[Opening INFORMATION SUPPLIED section]

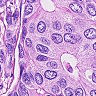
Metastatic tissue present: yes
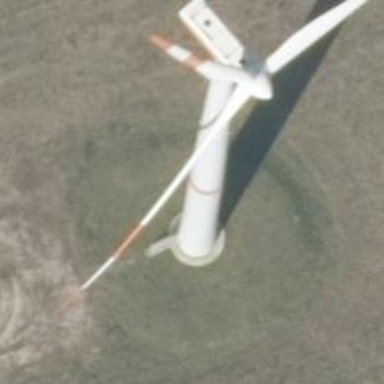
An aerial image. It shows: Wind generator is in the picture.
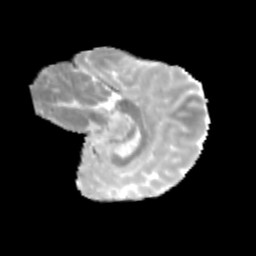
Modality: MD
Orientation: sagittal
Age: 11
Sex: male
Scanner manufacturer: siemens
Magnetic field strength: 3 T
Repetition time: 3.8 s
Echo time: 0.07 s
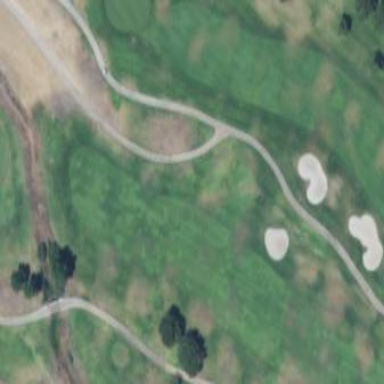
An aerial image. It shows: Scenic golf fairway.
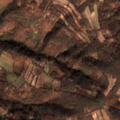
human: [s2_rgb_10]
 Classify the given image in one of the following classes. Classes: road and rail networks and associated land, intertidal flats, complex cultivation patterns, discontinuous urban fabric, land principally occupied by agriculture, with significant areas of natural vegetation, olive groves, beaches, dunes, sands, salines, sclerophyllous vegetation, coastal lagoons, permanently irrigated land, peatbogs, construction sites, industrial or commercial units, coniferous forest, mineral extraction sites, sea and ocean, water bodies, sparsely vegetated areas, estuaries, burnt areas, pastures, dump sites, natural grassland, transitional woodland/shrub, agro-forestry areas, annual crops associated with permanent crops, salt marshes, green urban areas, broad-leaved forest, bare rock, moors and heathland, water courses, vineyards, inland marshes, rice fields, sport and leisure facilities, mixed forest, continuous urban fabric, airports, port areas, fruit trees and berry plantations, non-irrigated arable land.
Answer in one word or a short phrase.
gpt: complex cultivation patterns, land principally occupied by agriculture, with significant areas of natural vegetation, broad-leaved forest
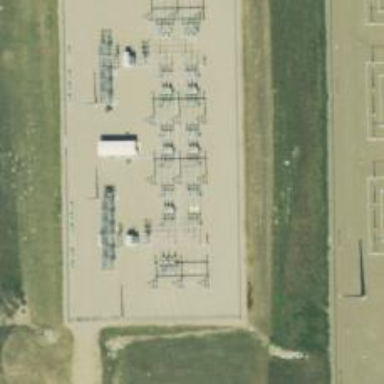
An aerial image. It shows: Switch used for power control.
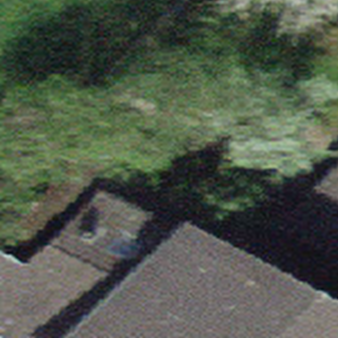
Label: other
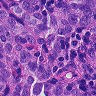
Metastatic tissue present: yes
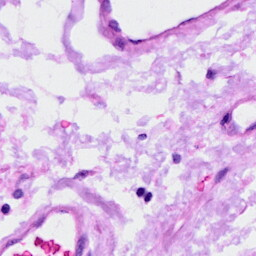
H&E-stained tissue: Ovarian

[Closing INFORMATION SUPPLIED section]
[Opening INFORMATION SUPPLIED section]

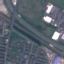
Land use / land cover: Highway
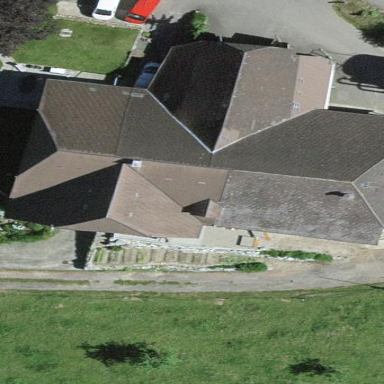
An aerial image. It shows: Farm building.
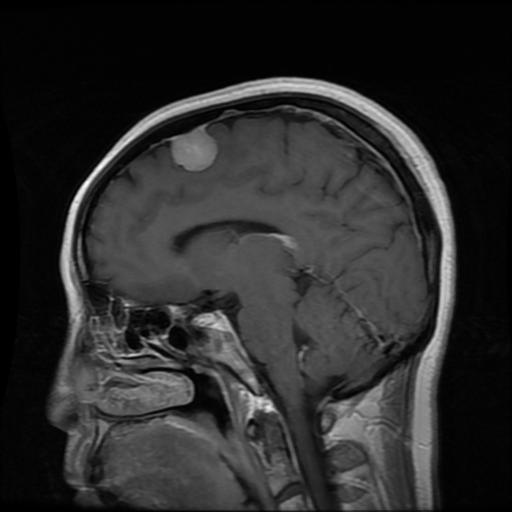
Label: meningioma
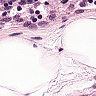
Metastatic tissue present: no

[Closing INFORMATION SUPPLIED section]

| REQUIRED ACTION |
Copy the lines above exactly, starting at the one with "An aerial image. It shows: Wind" and ending at the one with "human: [s2_rgb_10]", both included. Leave out any pictures and add nothing else.

| WRITTEN ANSWER |
An aerial image. It shows: Wind generator is in the picture.
Modality: MD
Orientation: sagittal
Age: 11
Sex: male
Scanner manufacturer: siemens
Magnetic field strength: 3 T
Repetition time: 3.8 s
Echo time: 0.07 s
An aerial image. It shows: Scenic golf fairway.
human: [s2_rgb_10]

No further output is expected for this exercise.